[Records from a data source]
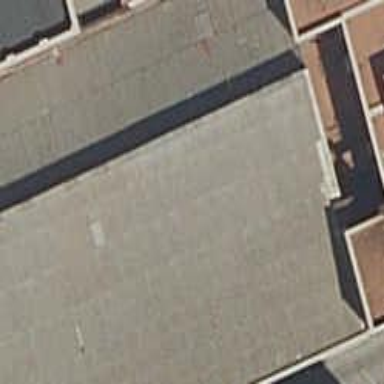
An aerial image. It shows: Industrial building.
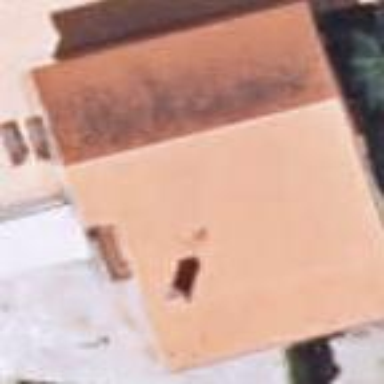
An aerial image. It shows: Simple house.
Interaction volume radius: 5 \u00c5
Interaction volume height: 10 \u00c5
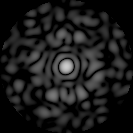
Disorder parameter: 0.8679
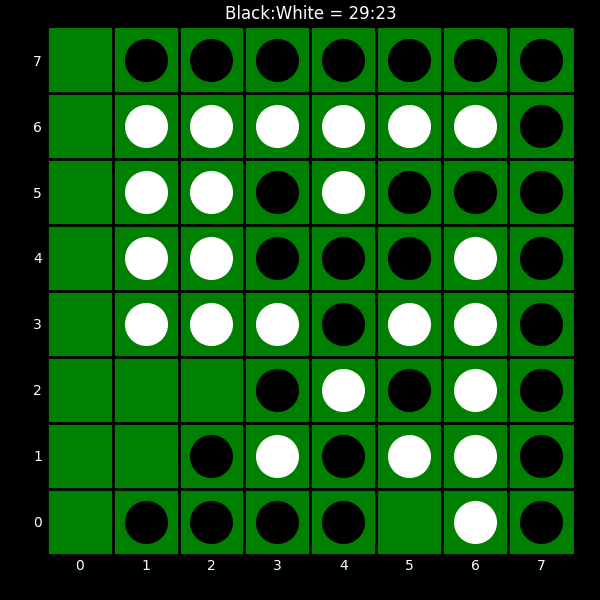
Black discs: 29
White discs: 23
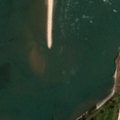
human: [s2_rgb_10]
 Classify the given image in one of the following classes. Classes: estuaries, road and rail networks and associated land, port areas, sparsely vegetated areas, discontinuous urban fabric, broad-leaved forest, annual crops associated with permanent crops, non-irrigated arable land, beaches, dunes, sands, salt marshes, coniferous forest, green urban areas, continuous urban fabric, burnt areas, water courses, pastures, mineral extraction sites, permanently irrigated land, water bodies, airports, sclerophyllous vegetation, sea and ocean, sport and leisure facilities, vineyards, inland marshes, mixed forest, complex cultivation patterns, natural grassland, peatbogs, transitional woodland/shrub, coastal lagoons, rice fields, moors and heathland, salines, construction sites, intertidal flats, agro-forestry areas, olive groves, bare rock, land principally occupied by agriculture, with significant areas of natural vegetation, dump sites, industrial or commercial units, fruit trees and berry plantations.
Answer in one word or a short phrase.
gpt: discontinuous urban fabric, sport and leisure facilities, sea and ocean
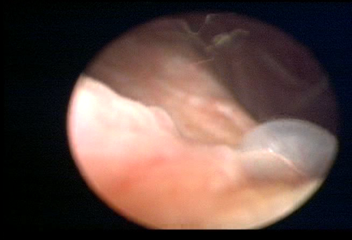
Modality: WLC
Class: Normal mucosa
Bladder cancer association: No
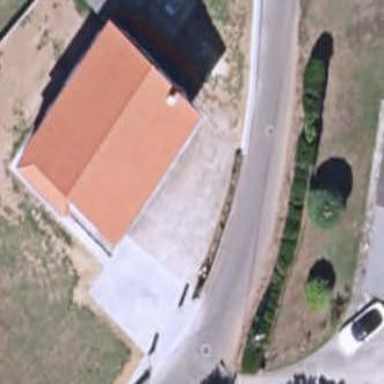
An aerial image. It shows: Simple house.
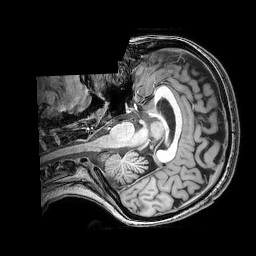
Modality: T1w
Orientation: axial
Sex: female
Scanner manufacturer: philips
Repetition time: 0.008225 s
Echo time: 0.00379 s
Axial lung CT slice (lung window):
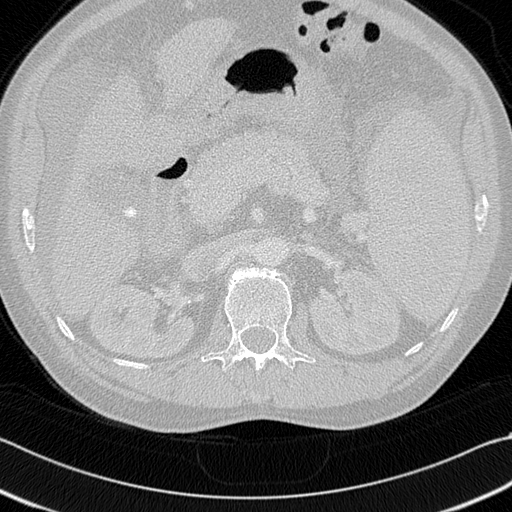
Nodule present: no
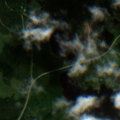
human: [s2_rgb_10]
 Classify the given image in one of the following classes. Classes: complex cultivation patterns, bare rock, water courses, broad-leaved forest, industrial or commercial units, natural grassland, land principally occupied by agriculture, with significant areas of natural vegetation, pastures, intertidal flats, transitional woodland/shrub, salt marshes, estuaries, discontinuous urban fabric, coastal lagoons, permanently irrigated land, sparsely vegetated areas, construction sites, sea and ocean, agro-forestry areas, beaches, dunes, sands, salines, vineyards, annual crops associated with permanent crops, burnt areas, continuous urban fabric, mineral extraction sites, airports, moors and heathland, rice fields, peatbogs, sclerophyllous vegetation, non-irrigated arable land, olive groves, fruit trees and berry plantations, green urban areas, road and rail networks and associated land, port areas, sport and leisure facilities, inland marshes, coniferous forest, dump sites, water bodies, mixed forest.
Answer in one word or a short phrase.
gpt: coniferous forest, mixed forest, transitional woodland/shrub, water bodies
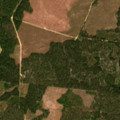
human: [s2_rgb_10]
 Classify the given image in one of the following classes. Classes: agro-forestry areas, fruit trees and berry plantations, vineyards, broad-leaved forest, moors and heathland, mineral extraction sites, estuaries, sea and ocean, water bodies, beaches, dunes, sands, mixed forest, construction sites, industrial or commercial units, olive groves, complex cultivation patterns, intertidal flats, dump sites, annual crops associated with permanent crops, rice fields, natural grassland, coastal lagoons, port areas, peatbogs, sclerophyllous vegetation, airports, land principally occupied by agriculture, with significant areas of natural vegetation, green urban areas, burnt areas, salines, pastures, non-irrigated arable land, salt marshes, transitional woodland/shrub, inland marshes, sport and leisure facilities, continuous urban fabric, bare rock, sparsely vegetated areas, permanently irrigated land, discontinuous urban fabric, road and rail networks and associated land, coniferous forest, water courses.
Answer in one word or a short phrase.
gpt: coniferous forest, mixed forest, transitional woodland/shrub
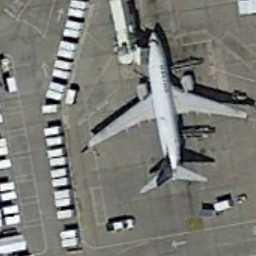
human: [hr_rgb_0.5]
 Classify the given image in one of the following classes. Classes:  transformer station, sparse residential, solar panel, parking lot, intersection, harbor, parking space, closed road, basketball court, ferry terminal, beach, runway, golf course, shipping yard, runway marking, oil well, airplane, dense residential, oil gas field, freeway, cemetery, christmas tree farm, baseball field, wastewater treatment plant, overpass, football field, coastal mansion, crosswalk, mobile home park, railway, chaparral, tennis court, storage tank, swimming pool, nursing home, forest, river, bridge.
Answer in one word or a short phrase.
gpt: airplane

■ **To do**:
Whenever "airplane" occurs in a line of the entries, copy that line.

■ **Task answer**:
 Classify the given image in one of the following classes. Classes:  transformer station, sparse residential, solar panel, parking lot, intersection, harbor, parking space, closed road, basketball court, ferry terminal, beach, runway, golf course, shipping yard, runway marking, oil well, airplane, dense residential, oil gas field, freeway, cemetery, christmas tree farm, baseball field, wastewater treatment plant, overpass, football field, coastal mansion, crosswalk, mobile home park, railway, chaparral, tennis court, storage tank, swimming pool, nursing home, forest, river, bridge.
gpt: airplane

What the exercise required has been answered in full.